Next, medical distrust has been most often operationalized as a participant’s perception of whether physicians would work to save an organ donor’s life or whether the potential organ donor would be declared deceased prematurely in order to obtain the donor’s organs [8, 9, 30–32]. These studies were most often group comparisons between African Americans and Whites and support the claim that African Americans are more distrustful of the organ procurement system than Whites. Yuen et al. found that African Americans were more likely to agree with the statement “Doctors would not try as hard to save me if they knew I was an organ donor” [31]. Similarly, McNamara et al. [9] found that minorities were significantly less likely than their White counterparts to endorse the belief that doctors put life-saving before organ procurement; a belief that was strongly related to willingness to donate organs. While these studies provide comparisons between two racial/ethnic groups [9, 31] they fail to recognize the heterogeneity among African Americans and the concomitant need to study them exclusively. Furthermore, these studies specifically examine distrust of the organ procurement system and not the healthcare system in general.
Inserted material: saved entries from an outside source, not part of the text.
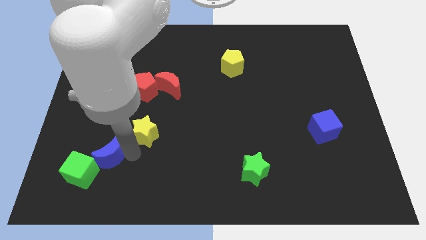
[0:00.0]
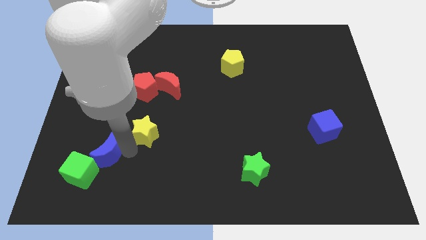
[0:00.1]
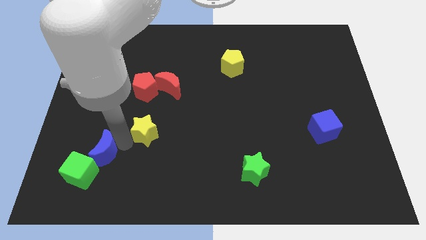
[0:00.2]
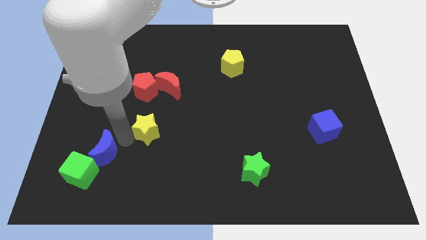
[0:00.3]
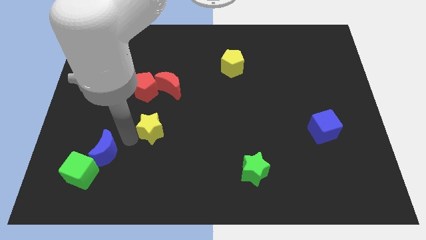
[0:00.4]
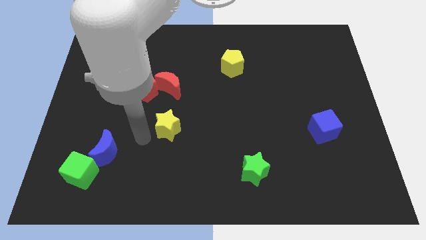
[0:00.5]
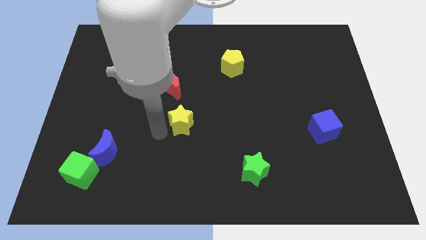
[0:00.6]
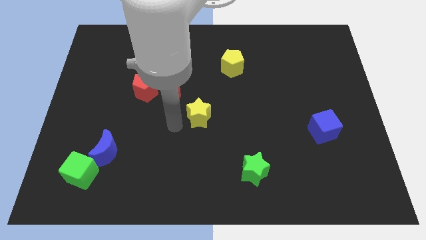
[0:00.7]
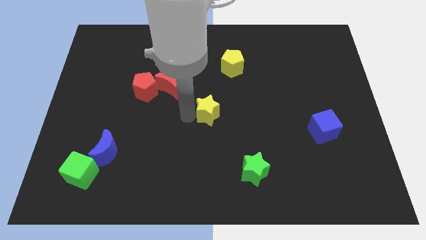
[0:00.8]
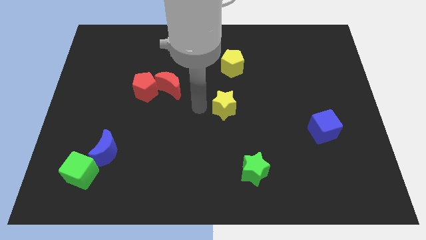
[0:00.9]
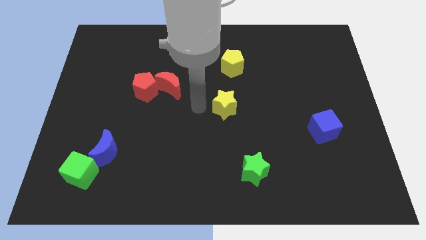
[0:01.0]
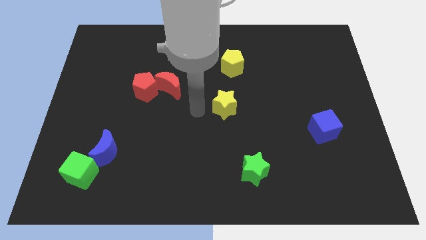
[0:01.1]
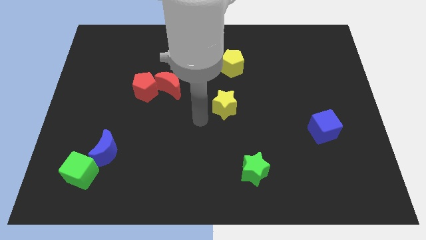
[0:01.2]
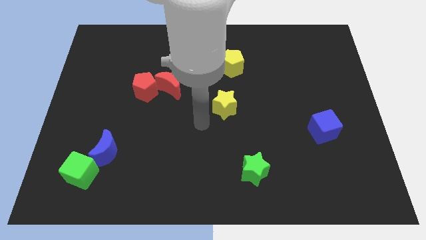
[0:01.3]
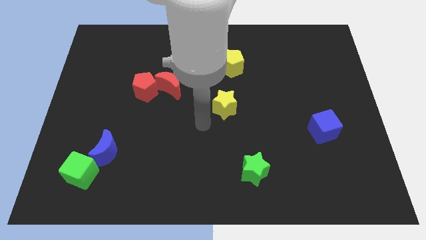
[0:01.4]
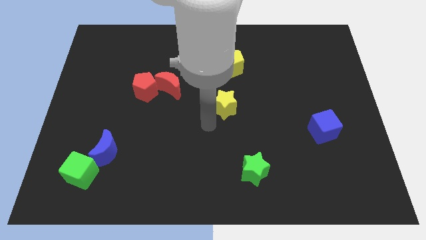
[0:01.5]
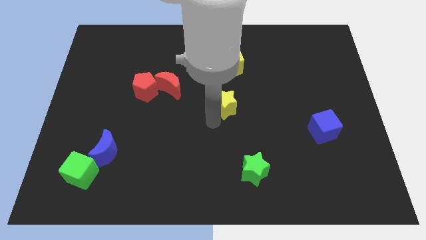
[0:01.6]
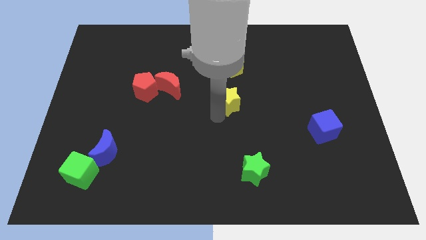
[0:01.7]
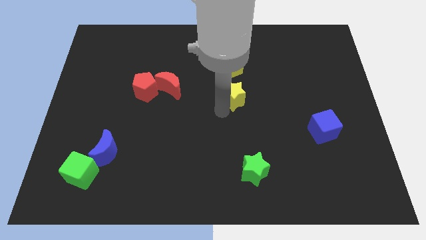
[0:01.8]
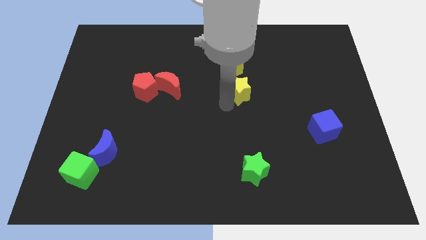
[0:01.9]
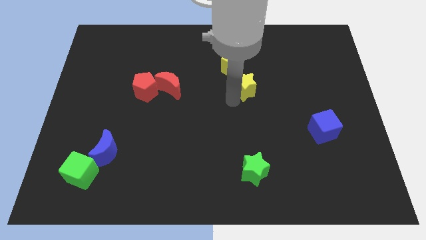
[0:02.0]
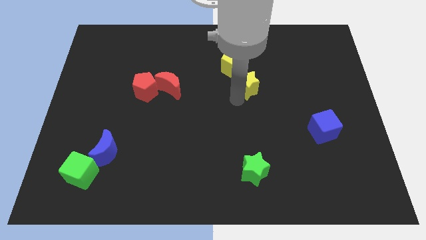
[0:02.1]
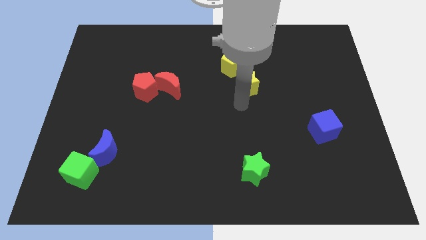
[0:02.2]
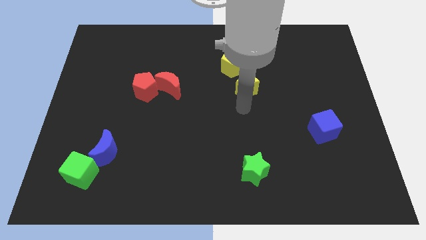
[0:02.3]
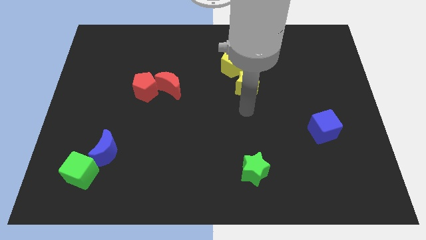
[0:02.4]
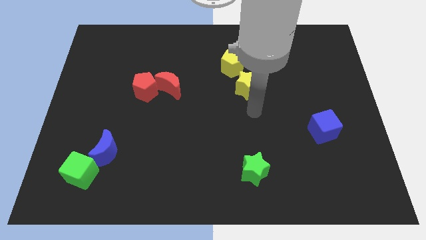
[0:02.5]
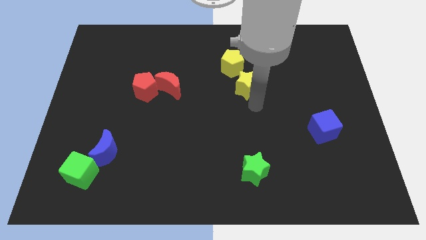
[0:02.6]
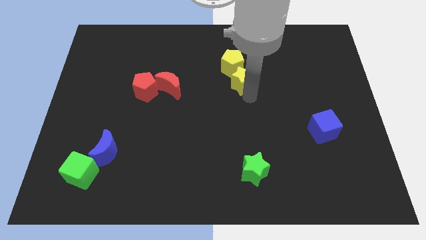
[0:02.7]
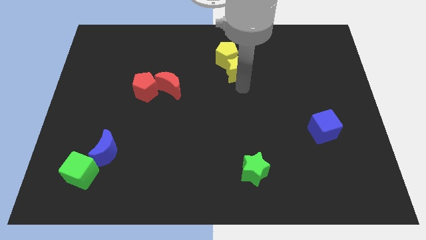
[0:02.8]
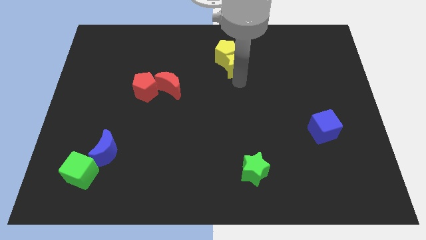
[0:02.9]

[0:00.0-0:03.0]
move the yellow star towards the yellow pentagon

Lastly, one more recent study operationalized distrust as medical mistrust. Morgan et al. [33] examined the impact of traditional variables (knowledge, attitudes and social norms) compared to variables thought to be barriers to organ donation (medical mistrust, bodily integrity, and religiosity) among African Americans. Medical mistrust was measured using a five-item scale adapted from LaVeist et al. [34]. Their result that African Americans with lower levels of medical mistrust were more likely to have signed an organ donor card support previous findings. However, this study failed to consider the differential relationship that distrust may have with written and verbal donation intentions [33]. To our knowledge, no studies have focused on the relationship between distrust in the healthcare system and different ways of expressing donation intentions.
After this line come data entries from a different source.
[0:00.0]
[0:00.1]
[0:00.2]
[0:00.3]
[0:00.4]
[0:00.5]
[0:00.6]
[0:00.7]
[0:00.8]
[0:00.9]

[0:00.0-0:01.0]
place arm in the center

Examining the differences in verbal and written donation intentions is important because research suggests that having donation intentions does not always translate into the written expression of these intentions [35]. For example, in a study examining African Americans’ expression of organ donation intentions, Wagstaff et al. [35] found that while many of their respondents were willing to donate, only 10% reported signing a donor card, and less than one quarter reported that they had indicated this intention on their licenses. Furthermore, many African Americans place great importance upon the role of the family in decisions regarding donation [32], and therefore, they may be more interested in expressing donation intentions verbally than in written form.
The distinction between written and verbal donation intentions is especially important given the passage of recent legislation. As of July 2008, 48 states had passed First Person Consent legislation, which prioritized donor designation indicated on a driver’s license or an official signed donor card over consent from the donor’s family in situations of possible deceased donation [36]. In other words, family members could no longer override an individual’s documented decision of whether to donate. This documentation gives hospitals the legal authority to proceed with organ procurement without obtaining consent from the donor’s family. This legislation is particularly important because when written documentation is available, the burden of the donation decision is removed from the donor’s family. Given the change in legislation, it is vital to understand whether African Americans’ distrust of the healthcare system is associated with verbal and written donation intentions independently.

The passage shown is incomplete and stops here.